[Start of Attachment]

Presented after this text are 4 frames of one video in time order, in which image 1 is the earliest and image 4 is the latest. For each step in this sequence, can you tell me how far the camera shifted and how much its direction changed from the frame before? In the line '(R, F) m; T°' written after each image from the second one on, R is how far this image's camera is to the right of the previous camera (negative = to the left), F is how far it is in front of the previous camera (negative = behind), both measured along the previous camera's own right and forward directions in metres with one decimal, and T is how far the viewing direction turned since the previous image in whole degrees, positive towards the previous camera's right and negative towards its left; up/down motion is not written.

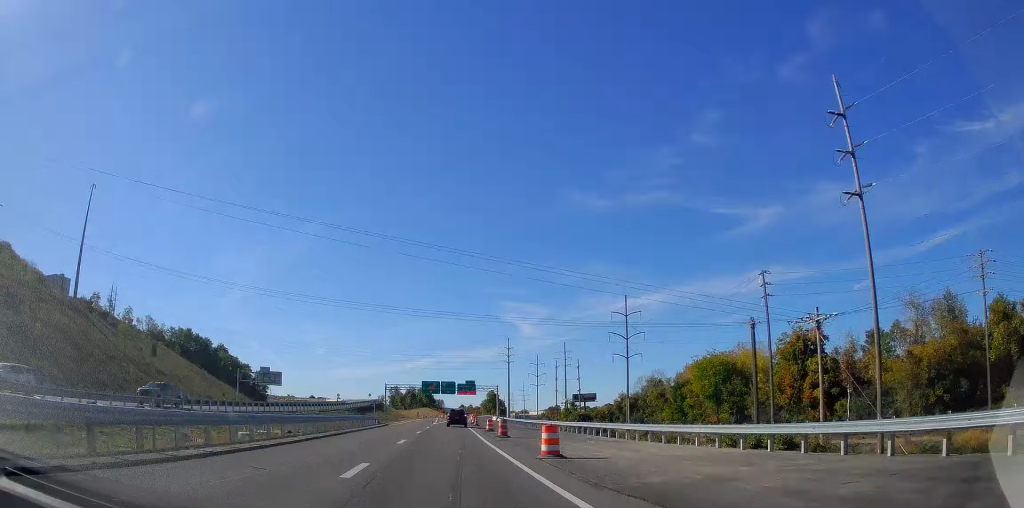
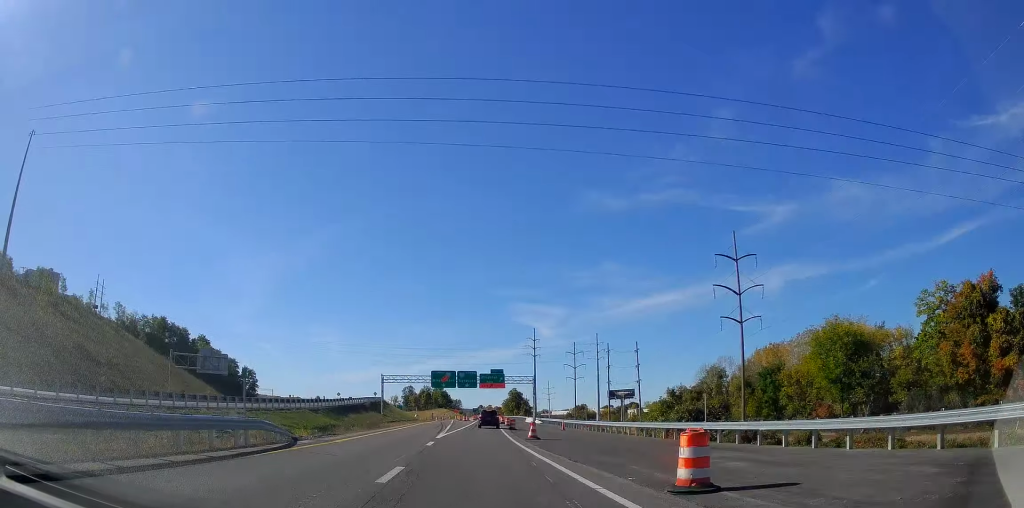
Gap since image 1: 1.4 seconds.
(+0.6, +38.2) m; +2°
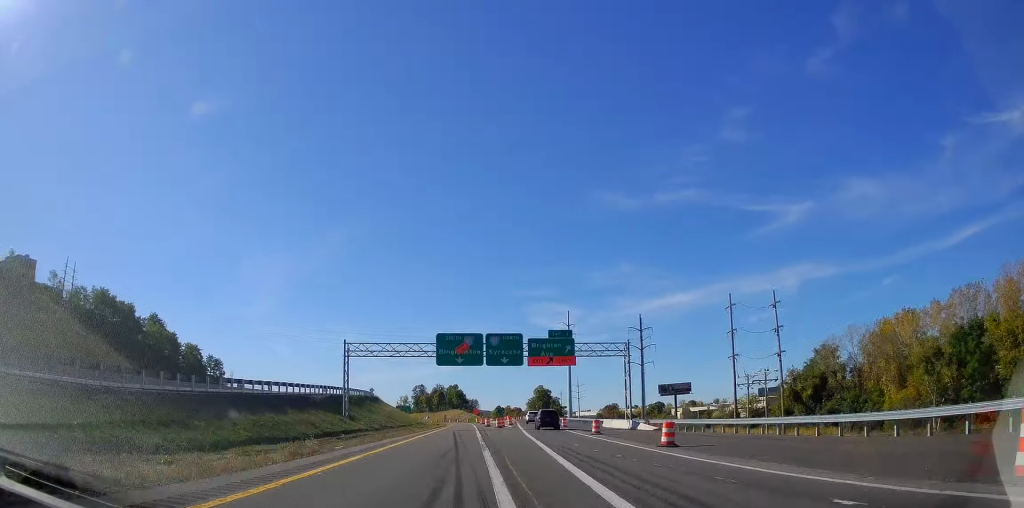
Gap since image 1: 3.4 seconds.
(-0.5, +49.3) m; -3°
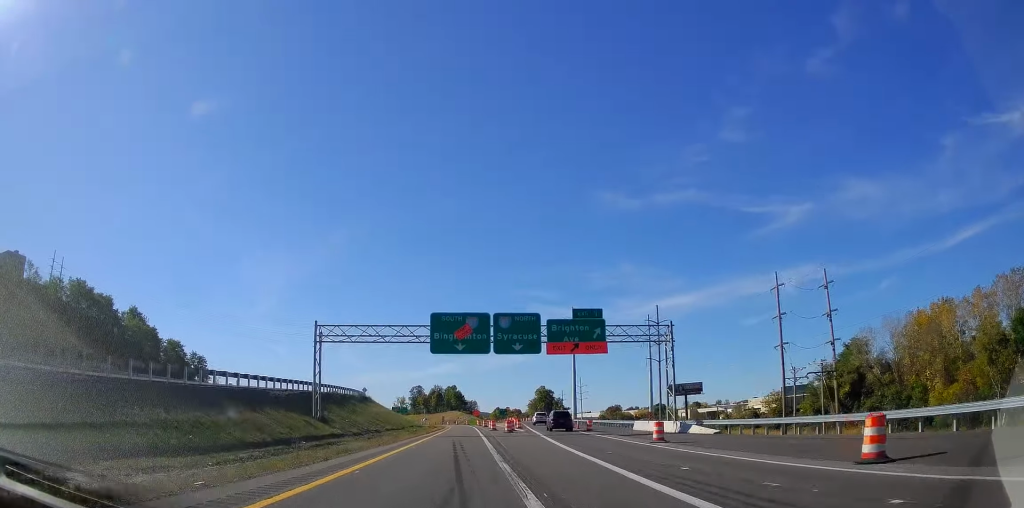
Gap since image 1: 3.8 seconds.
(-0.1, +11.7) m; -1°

[End of Attachment]

- [TASK] Give back word for word the lines from the one containing "Gap since image 1: 3.4 seconds." through the final line of the data above. Pictures are to be left out.

- [FINAL ANSWER]
Gap since image 1: 3.4 seconds.
(-0.5, +49.3) m; -3°
Gap since image 1: 3.8 seconds.
(-0.1, +11.7) m; -1°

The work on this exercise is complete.